In its latest financials [PDF] for Q2 2023, Walt Disney Co. announced that its streaming service lost 4 million subscribers in the first three months of the year, dropping its total paying user base from 161.8 million to 157.8 million – a 2 percent decrease when balanced by subscriber gains.

The largest subscriber drop-off came to its Indian Disney+ Hotstar user base, which saw an 8 percent dip or around 4.6 million users unsubscribing. The dip can be attributed to Disney losing the rights to air the Indian Premier League cricket games.

Disney was outbid of the rights by Viacom18, whose streaming platform JioCinema will be airing all the league’s games for free in a bid to win over customers. This changeover battered revenues from Disney+ Hotstar, seeing a 20 percent decrease in average monthly revenues per paid subscriber for the quarter in the region.

Meanwhile, Disney+ also lost subscribers in the US and Canada region, amounting to a 1 percent change from 46.6 million to 46.3 million.

Subscriber gains were middling during the recent quarter, with a 2 percent increase mostly from international regions.

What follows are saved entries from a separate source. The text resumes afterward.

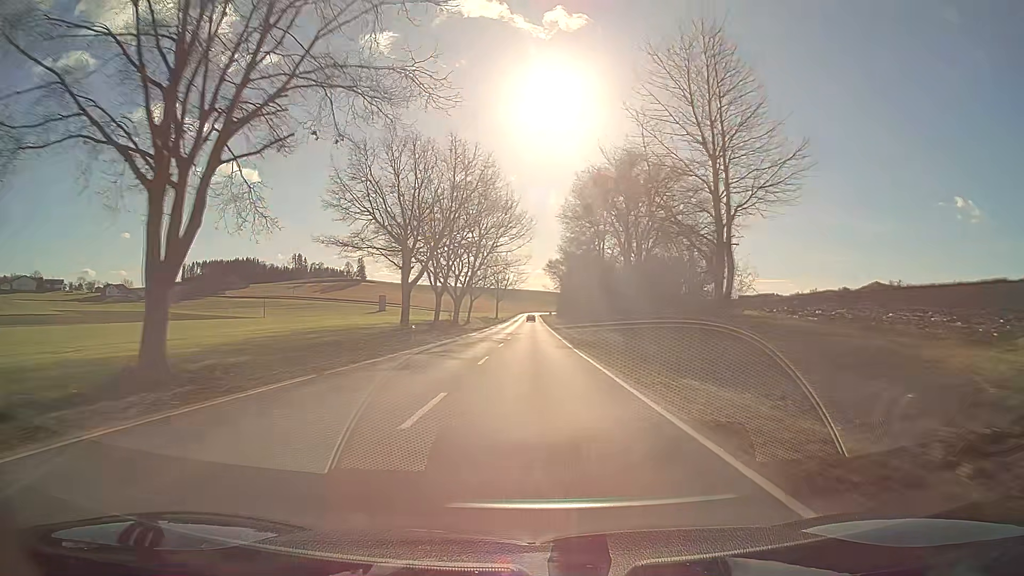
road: secondary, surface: asphalt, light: Day
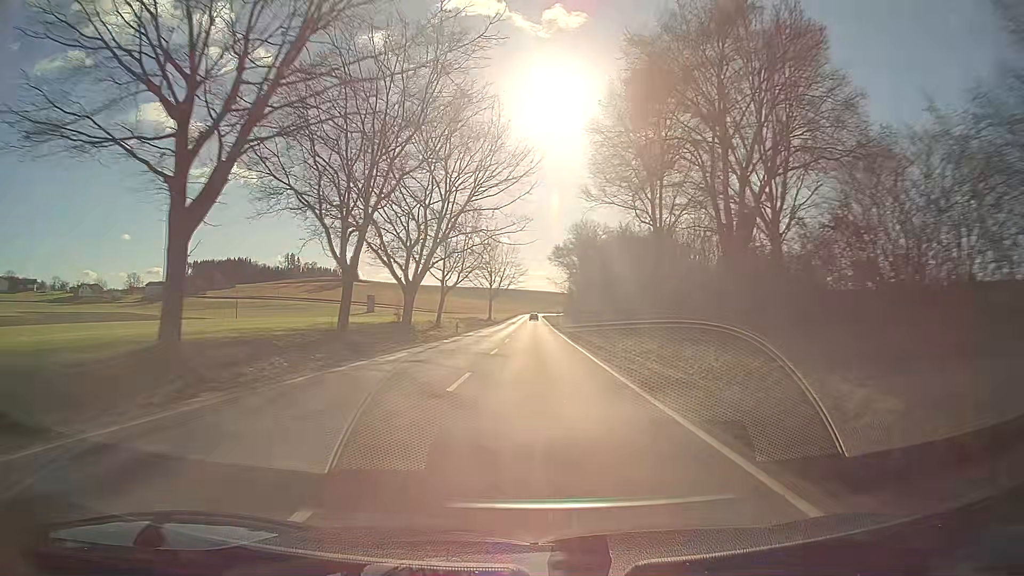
(0.0, +31.8) m; 0°
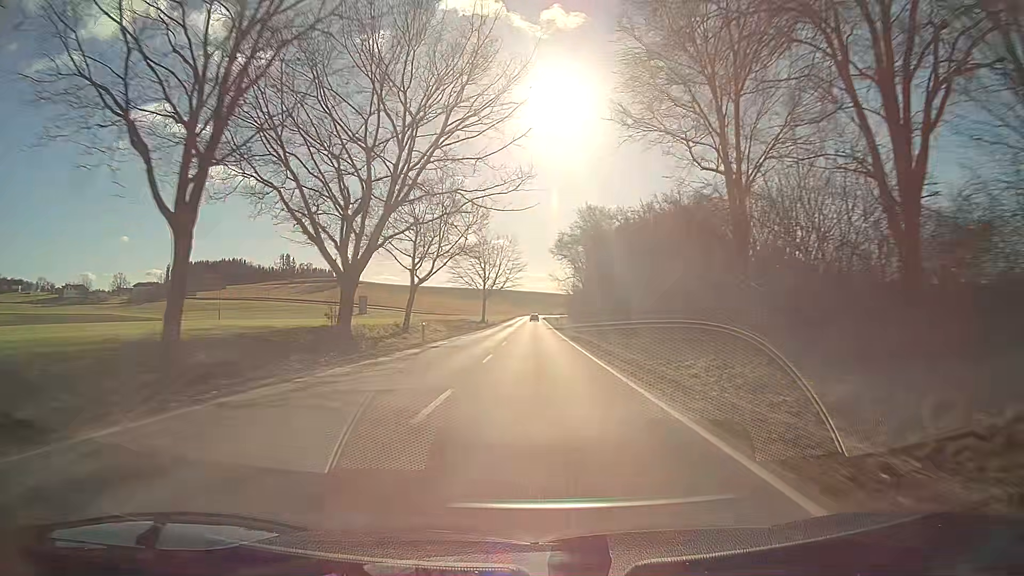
(0.0, +15.9) m; 0°
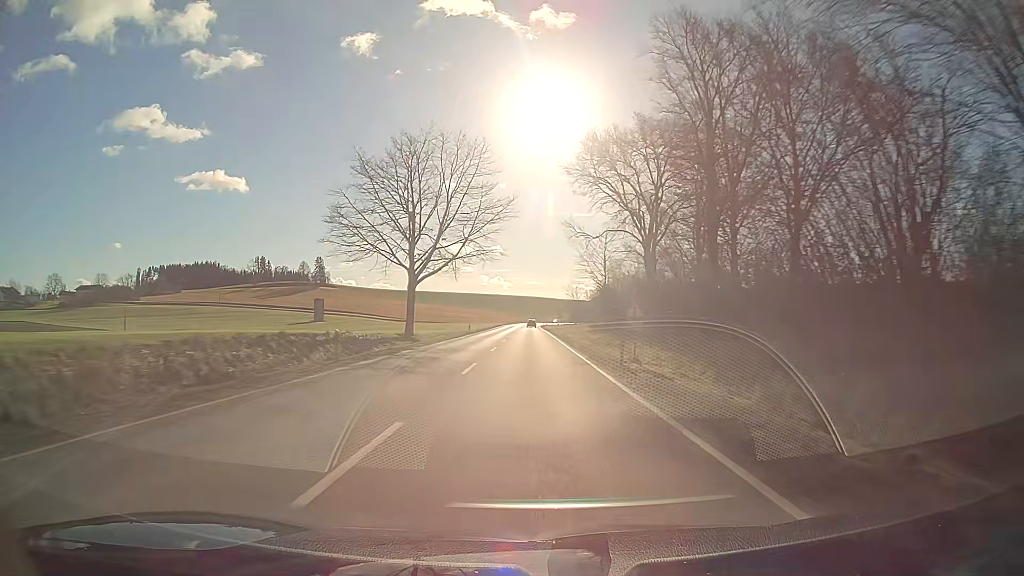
(+0.2, +63.7) m; 0°
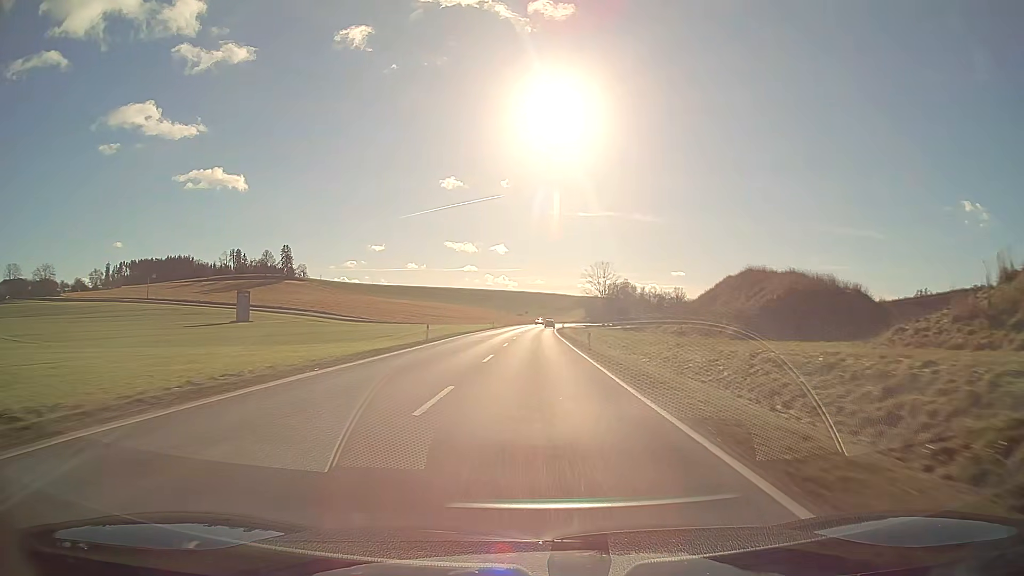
(0.0, +79.7) m; 0°
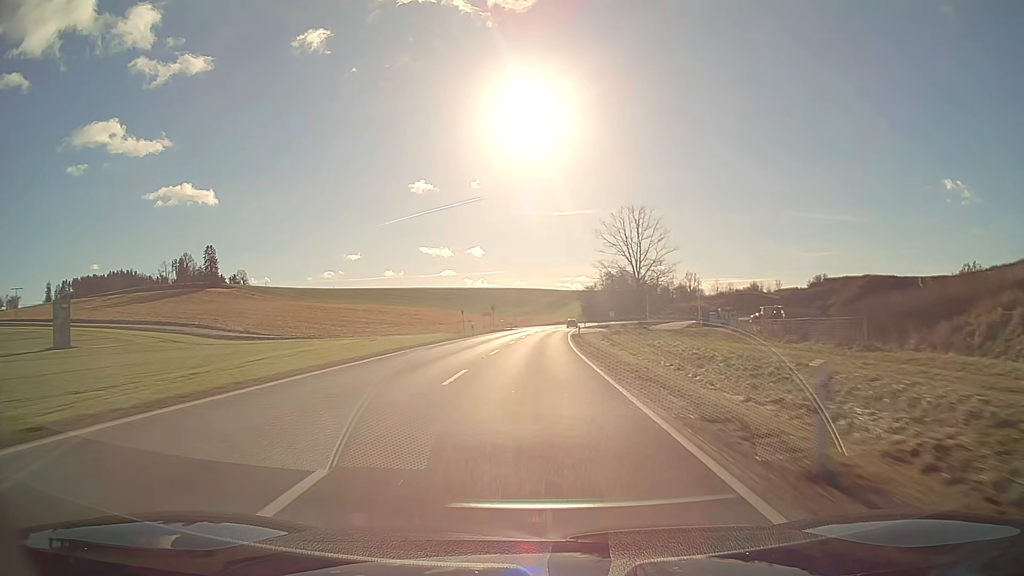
(+1.0, +79.8) m; +2°
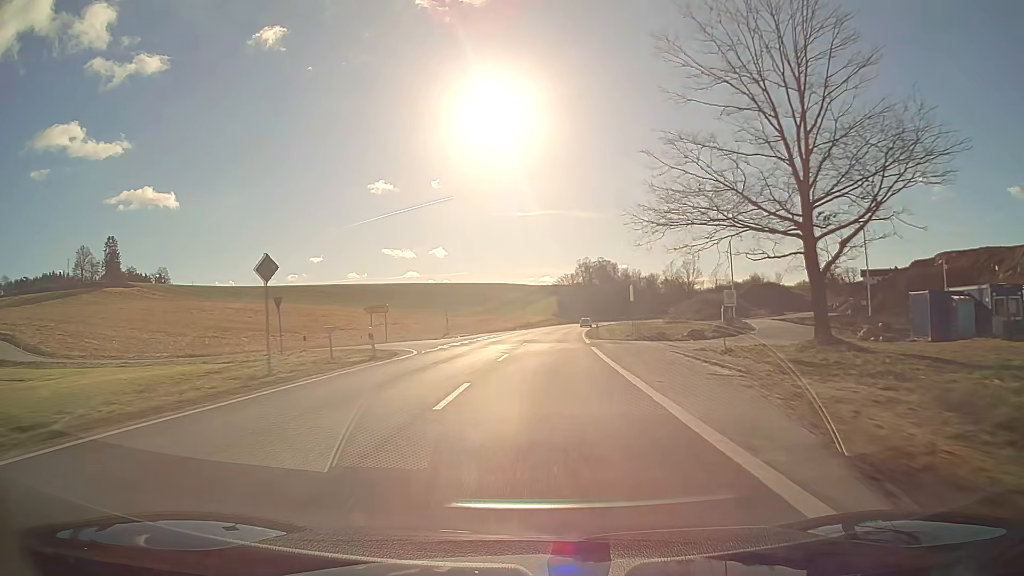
(+1.5, +63.8) m; +3°
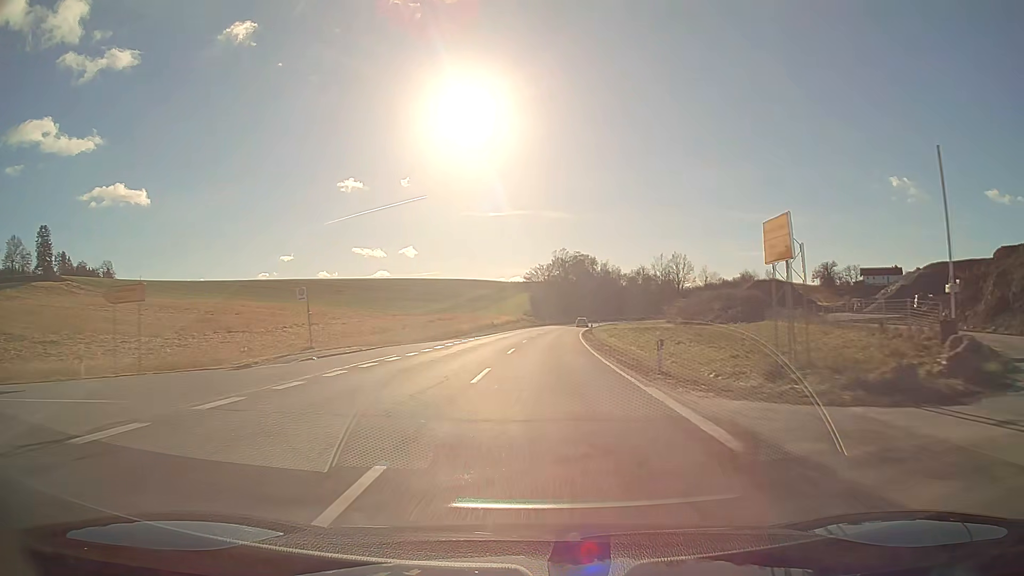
(+0.6, +31.9) m; +2°
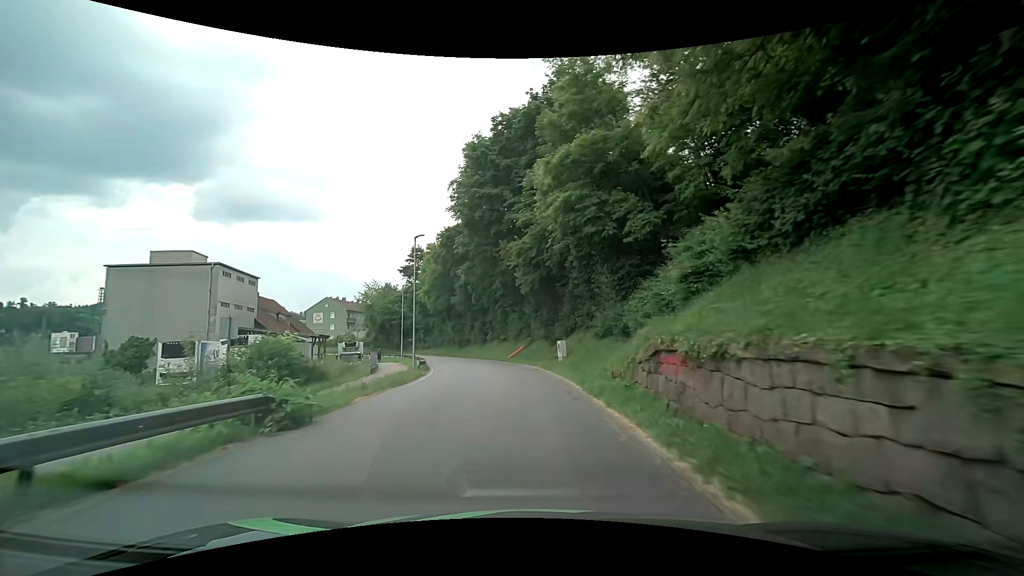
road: residential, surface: asphalt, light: Day
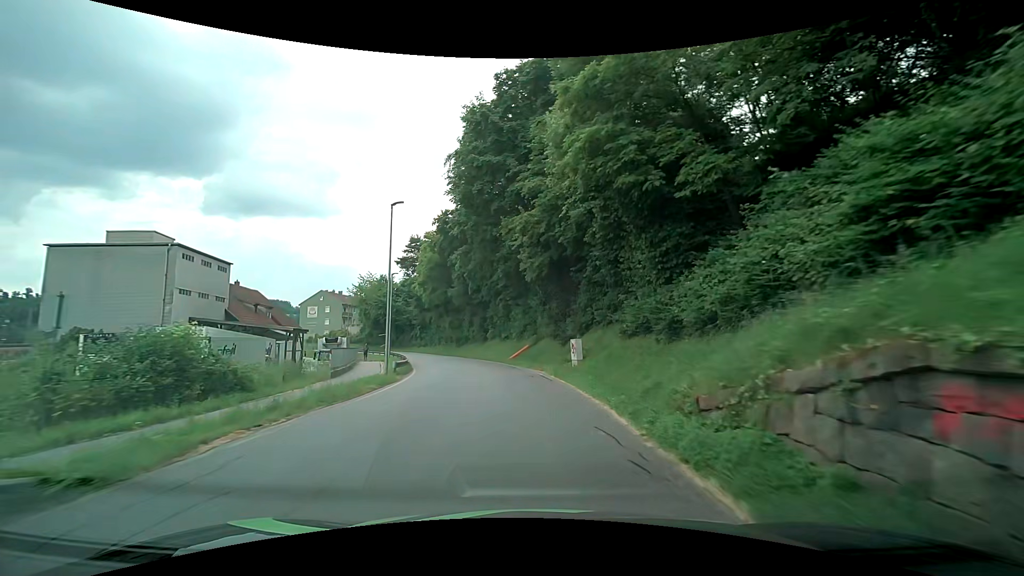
(0.0, +6.6) m; 0°
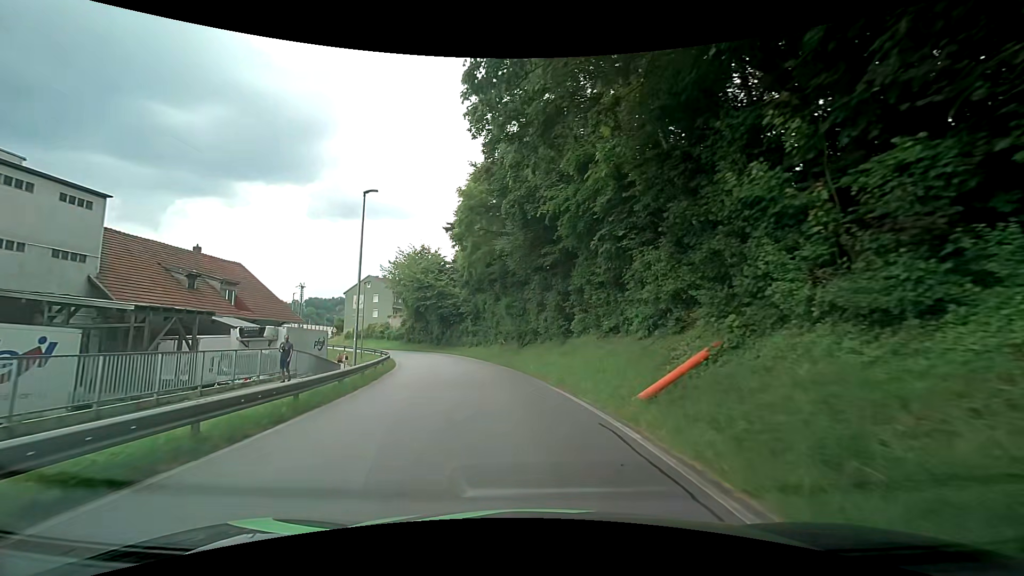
(-1.8, +26.3) m; -10°
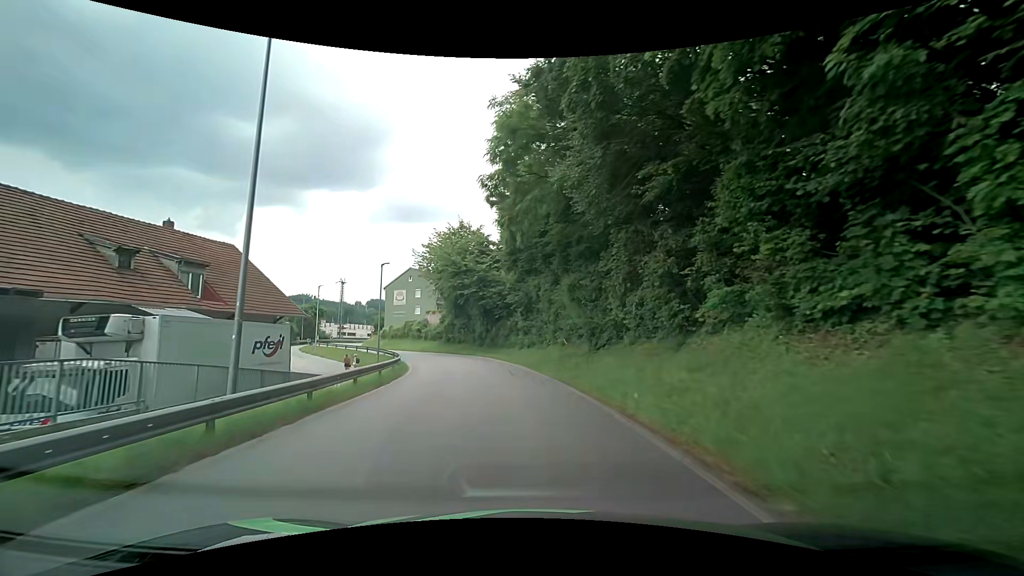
(-0.7, +12.4) m; -6°
(0, +10) (-2, +20) (-3, +30) (-6, +39) (-11, +48) (-16, +56) (-22, +65) (-27, +73) (-31, +82) (-31, +92) m

Despite this, revenues were up across the board for Walter Disney Co. and its streaming division narrowed its losses to $659 million from the previous’ quarters $1.1 billion. While Disney+ is still not profitable, the company expects to see it finally produce a turnover at some point in 2024.

“We’re pleased with our accomplishments this quarter, including the improved financial performance of our streaming business, which reflect the strategic changes we’ve been making throughout the company to realign Disney for sustained growth and success,” said Robert A. Iger, Walt Disney Co. chief executive.

Investors, however, were alarmed at the subscriber loss and Disney shares fell 4.4 percent in after-hours trading, with a negative trend still in the air for the media powerhouse.

While Disney+ is losing subscribers, competitor Warner Bros. Discovery announced on Monday that it added 1 million subscribers to its own streaming platforms in the same period. The company is preparing to unite its streaming platforms under a single banner later this month.

The new service, called simply Max, will launch with around 97.6 million subscribers. Apart from saving costs and creating a platform to introduce new content, Max is expected to drive renewed profits. The company anticipates its streaming division to become profitable in 2023, much earlier than expected.

Disney+ saw its South African release in 2022, but users have criticised the company for launching a sub-par version compared to the one found internationally and in the US.